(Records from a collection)
■ ■ ■ ■ ■ ■ ■

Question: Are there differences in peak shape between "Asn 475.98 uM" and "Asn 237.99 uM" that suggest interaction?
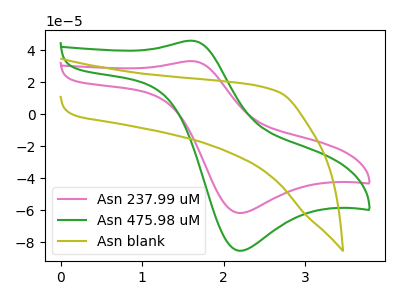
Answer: <think>The pink curve "Asn 237.99 uM" has an anodic peak at (1.60V, 33.35uA) and a cathodic peak at (2.20V, -61.60uA). The green curve "Asn 475.98 uM" has an anodic peak at (1.60V, 46.10uA) and a cathodic peak at (2.20V, -85.20uA). The olive curve "Asn blank" has no peaks.
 All the peaks in "Asn 475.98 uM" have a peak in "Asn 237.99 uM" at the same potential. Every peak in "Asn 475.98 uM" is higher than every peak in "Asn 237.99 uM".</think>
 <answer>No, "Asn 475.98 uM" and "Asn 237.99 uM" don't appear to be significantly different in shape</answer>
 <eval>no_change</eval>
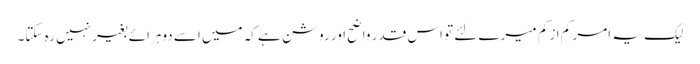
لیک یہ امر کم از کم میرے لئے تو اس قدر واضح اور روشن ہے کہ میں اسے دوہرائے بغیر نہیں رہ سکتا۔
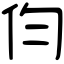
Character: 伨
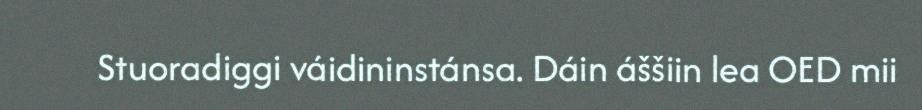
Stuoradiggi váidininstánsa. Dáin áššiin lea OED mii
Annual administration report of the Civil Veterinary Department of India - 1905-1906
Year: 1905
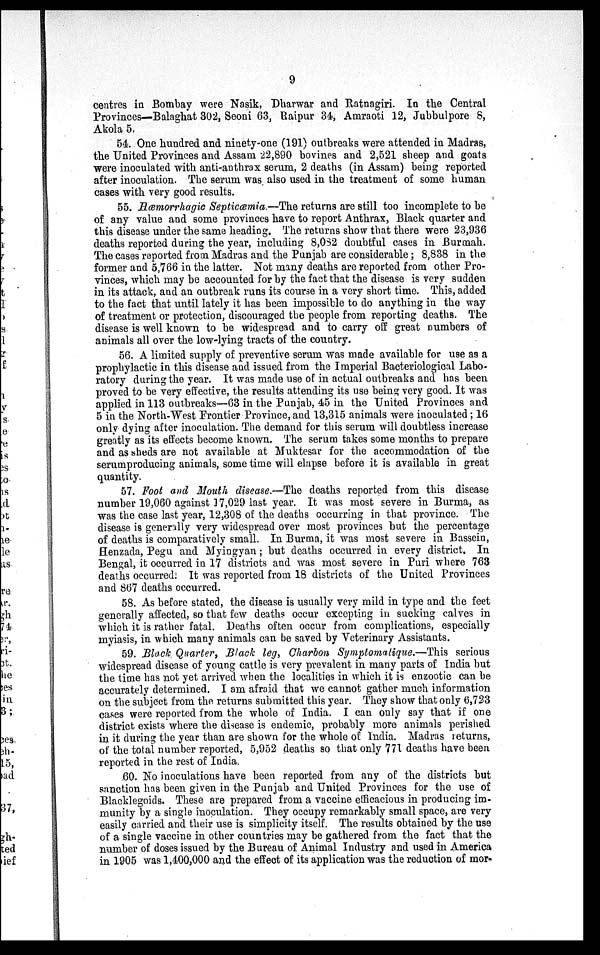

■ ■ ■ ■ ■ ■ ■

WHAT THE TASK REQUIRES: The records above should be copied word for word, with the pictures left out.

ANSWER AREA:
Question: Are there differences in peak shape between "Asn 475.98 uM" and "Asn 237.99 uM" that suggest interaction?
Answer: <think>The pink curve "Asn 237.99 uM" has an anodic peak at (1.60V, 33.35uA) and a cathodic peak at (2.20V, -61.60uA). The green curve "Asn 475.98 uM" has an anodic peak at (1.60V, 46.10uA) and a cathodic peak at (2.20V, -85.20uA). The olive curve "Asn blank" has no peaks.
 All the peaks in "Asn 475.98 uM" have a peak in "Asn 237.99 uM" at the same potential. Every peak in "Asn 475.98 uM" is higher than every peak in "Asn 237.99 uM".</think>
 <answer>No, "Asn 475.98 uM" and "Asn 237.99 uM" don't appear to be significantly different in shape</answer>
 <eval>no_change</eval>
لیک یہ امر کم از کم میرے لئے تو اس قدر واضح اور روشن ہے کہ میں اسے دوہرائے بغیر نہیں رہ سکتا۔
Character: 伨
Stuoradiggi váidininstánsa. Dáin áššiin lea OED mii
Annual administration report of the Civil Veterinary Department of India - 1905-1906
Year: 1905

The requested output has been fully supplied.